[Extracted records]
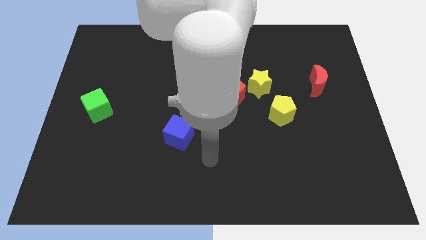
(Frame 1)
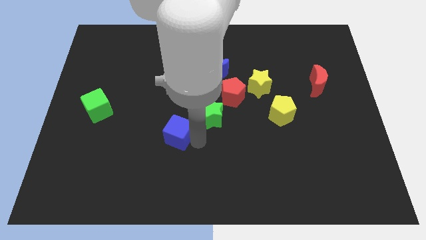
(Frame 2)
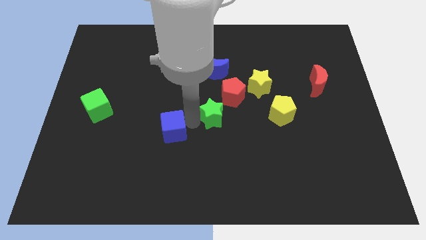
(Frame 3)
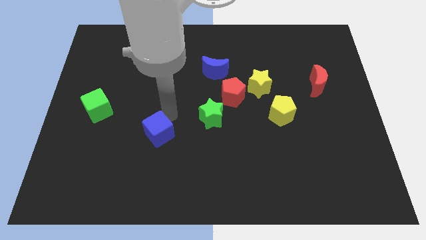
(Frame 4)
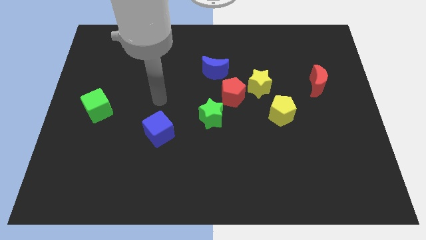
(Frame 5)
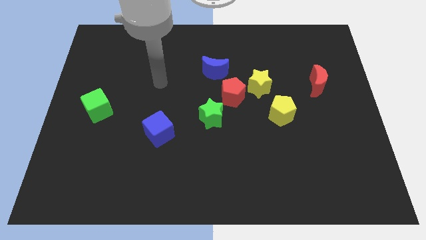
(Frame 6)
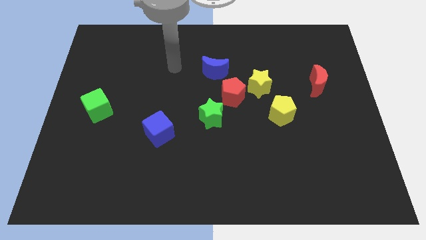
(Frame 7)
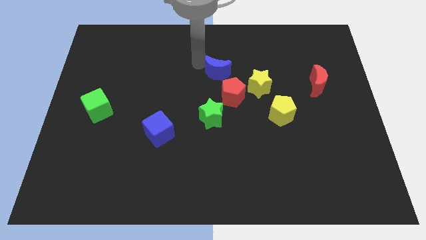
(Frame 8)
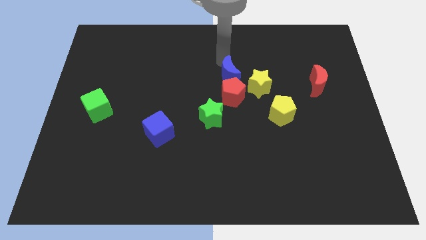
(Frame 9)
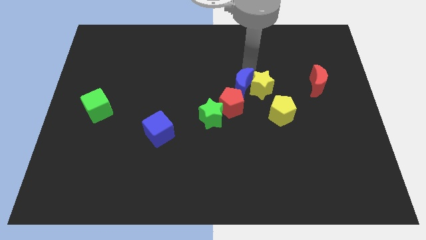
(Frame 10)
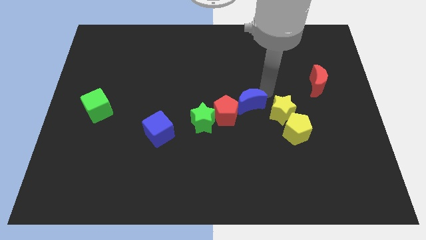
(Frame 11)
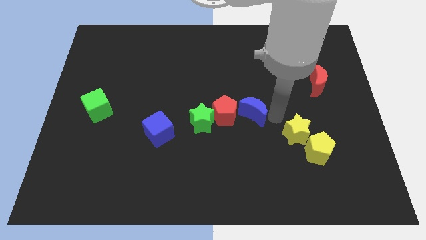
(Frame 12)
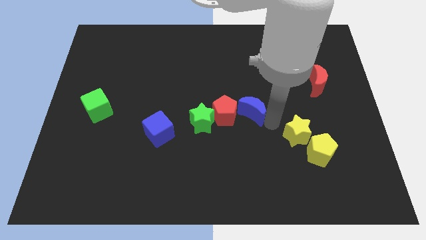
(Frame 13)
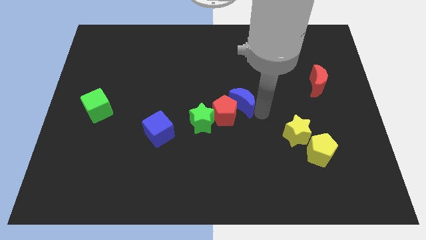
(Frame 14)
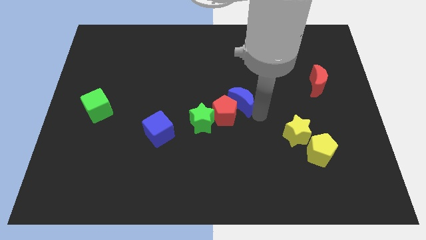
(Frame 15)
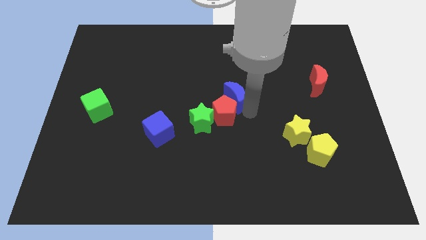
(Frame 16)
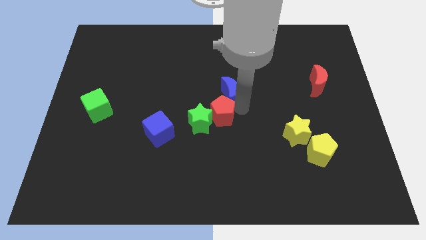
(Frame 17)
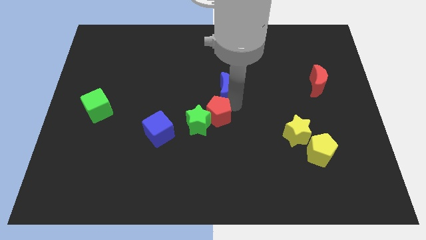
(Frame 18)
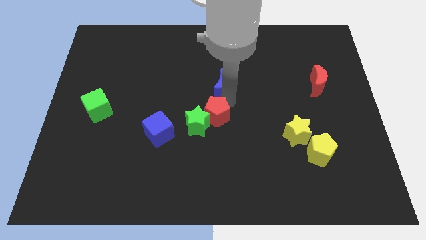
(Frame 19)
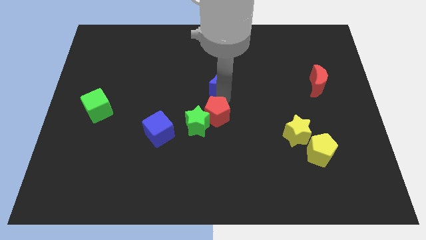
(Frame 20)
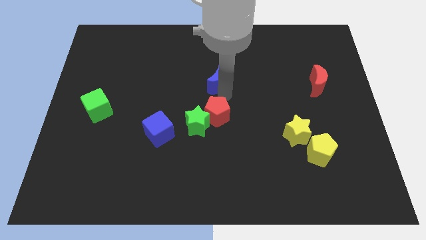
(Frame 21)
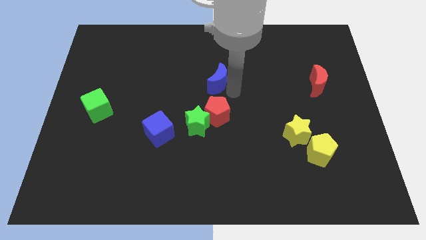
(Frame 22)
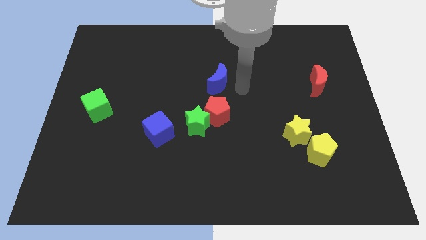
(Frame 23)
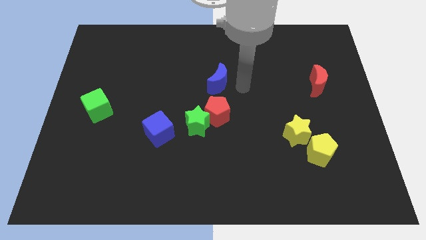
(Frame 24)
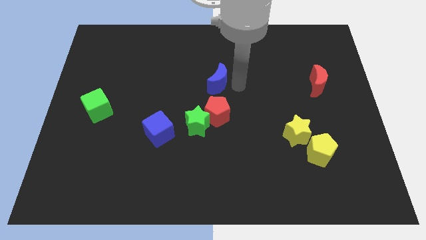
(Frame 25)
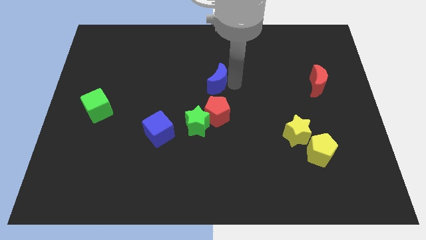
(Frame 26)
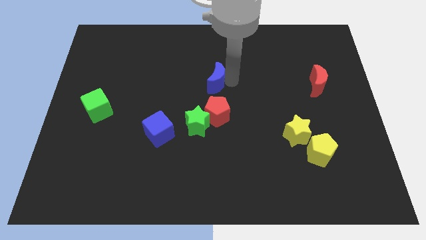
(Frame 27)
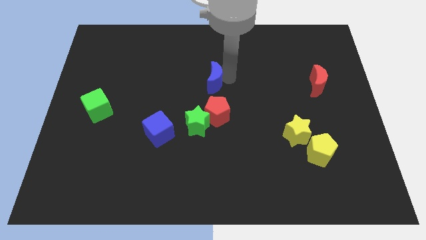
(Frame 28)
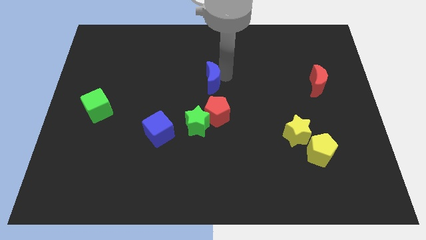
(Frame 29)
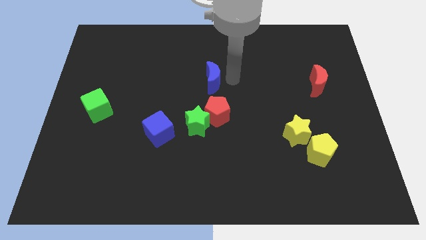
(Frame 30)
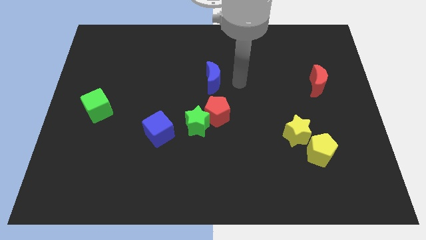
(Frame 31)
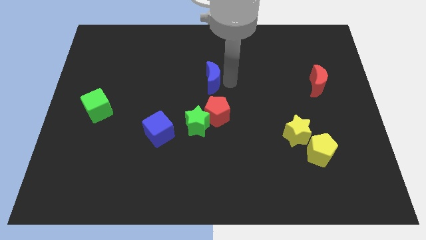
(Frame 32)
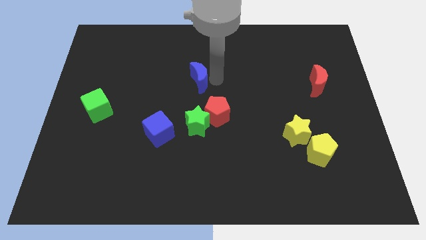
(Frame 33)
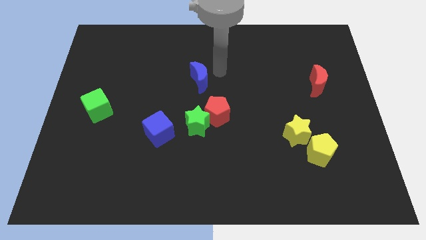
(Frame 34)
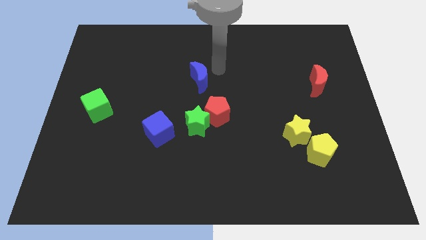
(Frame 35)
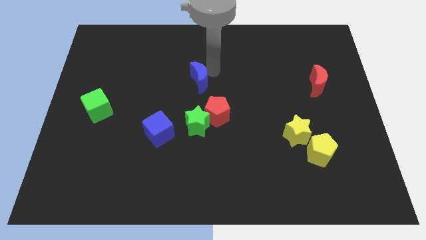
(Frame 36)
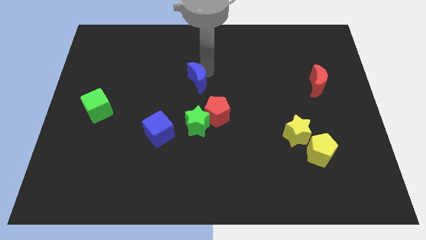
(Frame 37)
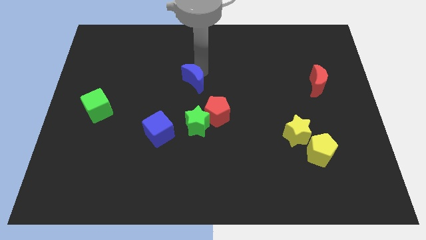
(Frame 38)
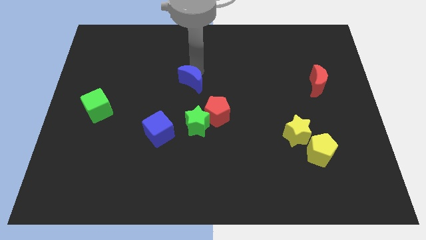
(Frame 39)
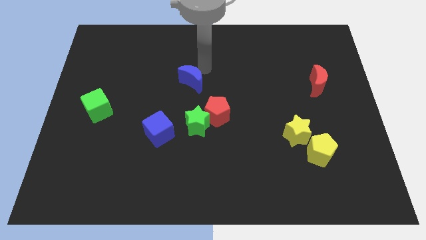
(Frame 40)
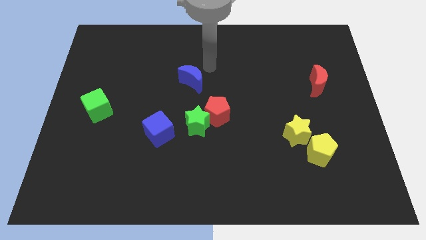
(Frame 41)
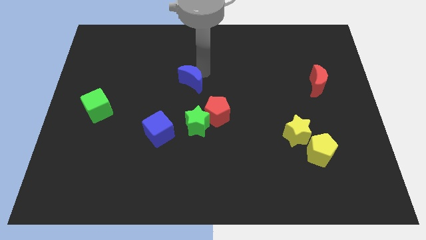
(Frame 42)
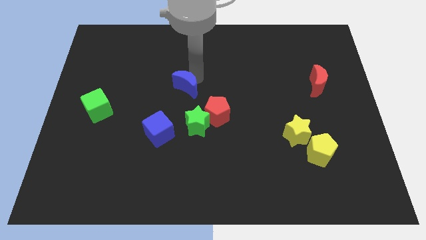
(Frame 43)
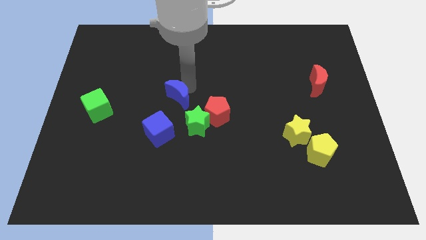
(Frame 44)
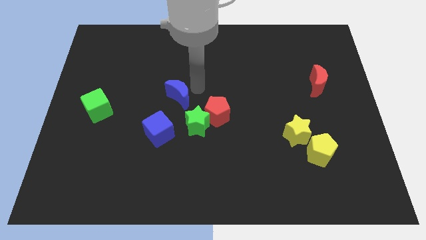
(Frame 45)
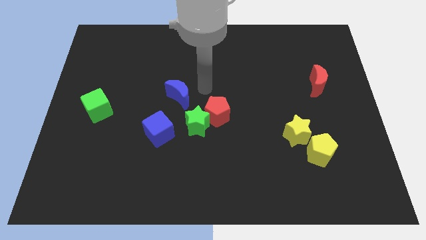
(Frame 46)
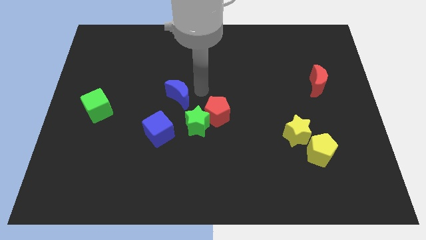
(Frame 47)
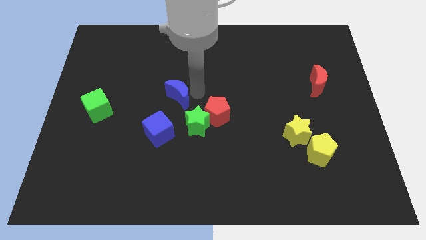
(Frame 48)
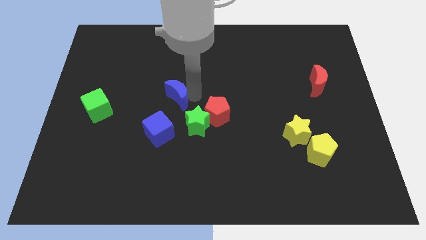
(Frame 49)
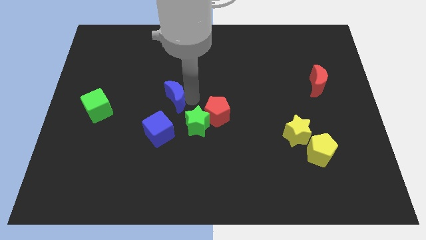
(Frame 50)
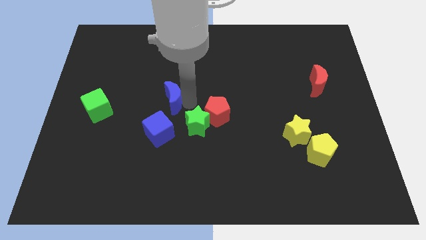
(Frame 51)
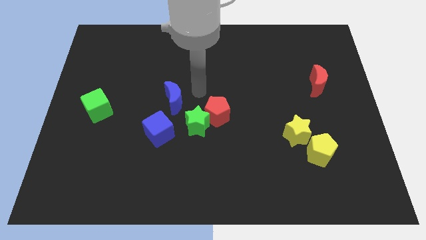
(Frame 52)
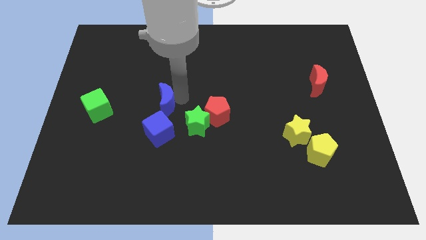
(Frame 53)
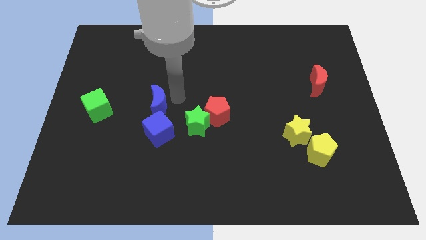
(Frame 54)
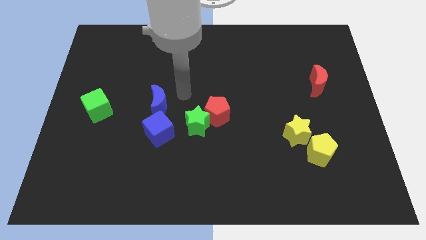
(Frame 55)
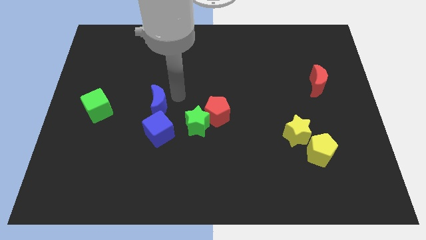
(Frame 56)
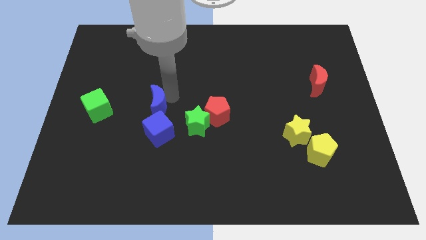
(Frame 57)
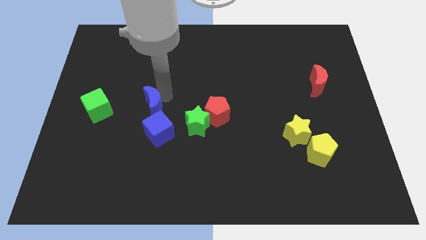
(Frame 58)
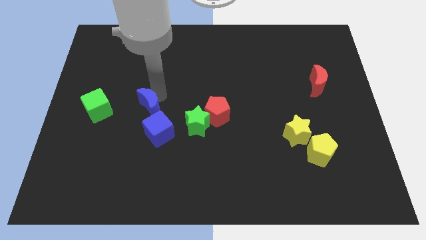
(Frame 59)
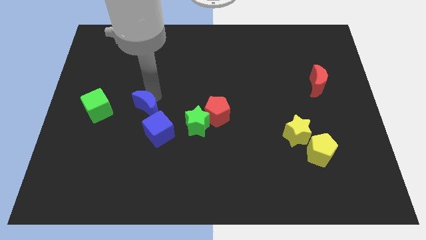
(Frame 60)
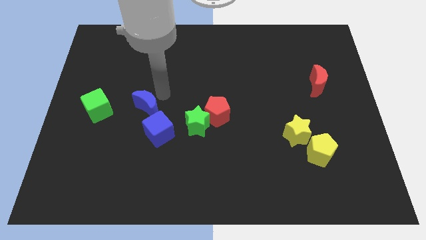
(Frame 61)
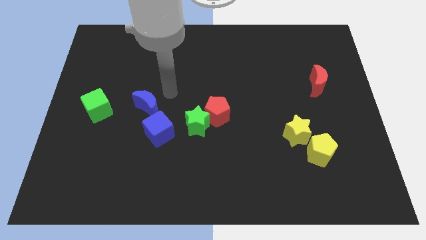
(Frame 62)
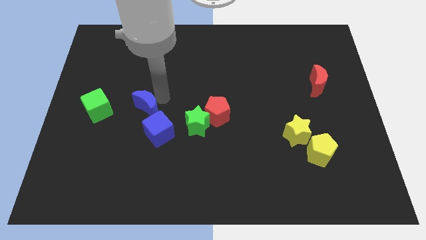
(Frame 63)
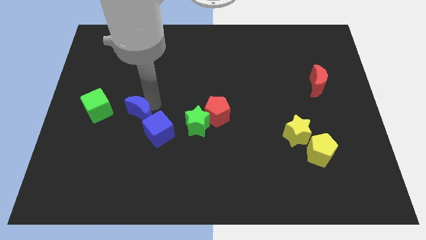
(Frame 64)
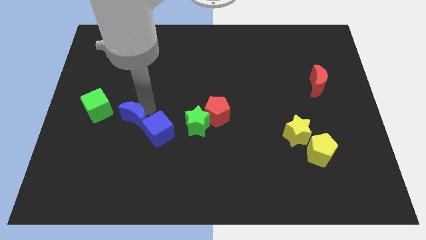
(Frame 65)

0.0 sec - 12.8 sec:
push the blue moon to the bottom right of the green cube

▸ **WHAT THE TASK ASKS**
Copy each record exactly. Leave any images out of the copy.

▸ **ANSWER AREA**
(Frame 1)
(Frame 2)
(Frame 3)
(Frame 4)
(Frame 5)
(Frame 6)
(Frame 7)
(Frame 8)
(Frame 9)
(Frame 10)
(Frame 11)
(Frame 12)
(Frame 13)
(Frame 14)
(Frame 15)
(Frame 16)
(Frame 17)
(Frame 18)
(Frame 19)
(Frame 20)
(Frame 21)
(Frame 22)
(Frame 23)
(Frame 24)
(Frame 25)
(Frame 26)
(Frame 27)
(Frame 28)
(Frame 29)
(Frame 30)
(Frame 31)
(Frame 32)
(Frame 33)
(Frame 34)
(Frame 35)
(Frame 36)
(Frame 37)
(Frame 38)
(Frame 39)
(Frame 40)
(Frame 41)
(Frame 42)
(Frame 43)
(Frame 44)
(Frame 45)
(Frame 46)
(Frame 47)
(Frame 48)
(Frame 49)
(Frame 50)
(Frame 51)
(Frame 52)
(Frame 53)
(Frame 54)
(Frame 55)
(Frame 56)
(Frame 57)
(Frame 58)
(Frame 59)
(Frame 60)
(Frame 61)
(Frame 62)
(Frame 63)
(Frame 64)
(Frame 65)

0.0 sec - 12.8 sec:
push the blue moon to the bottom right of the green cube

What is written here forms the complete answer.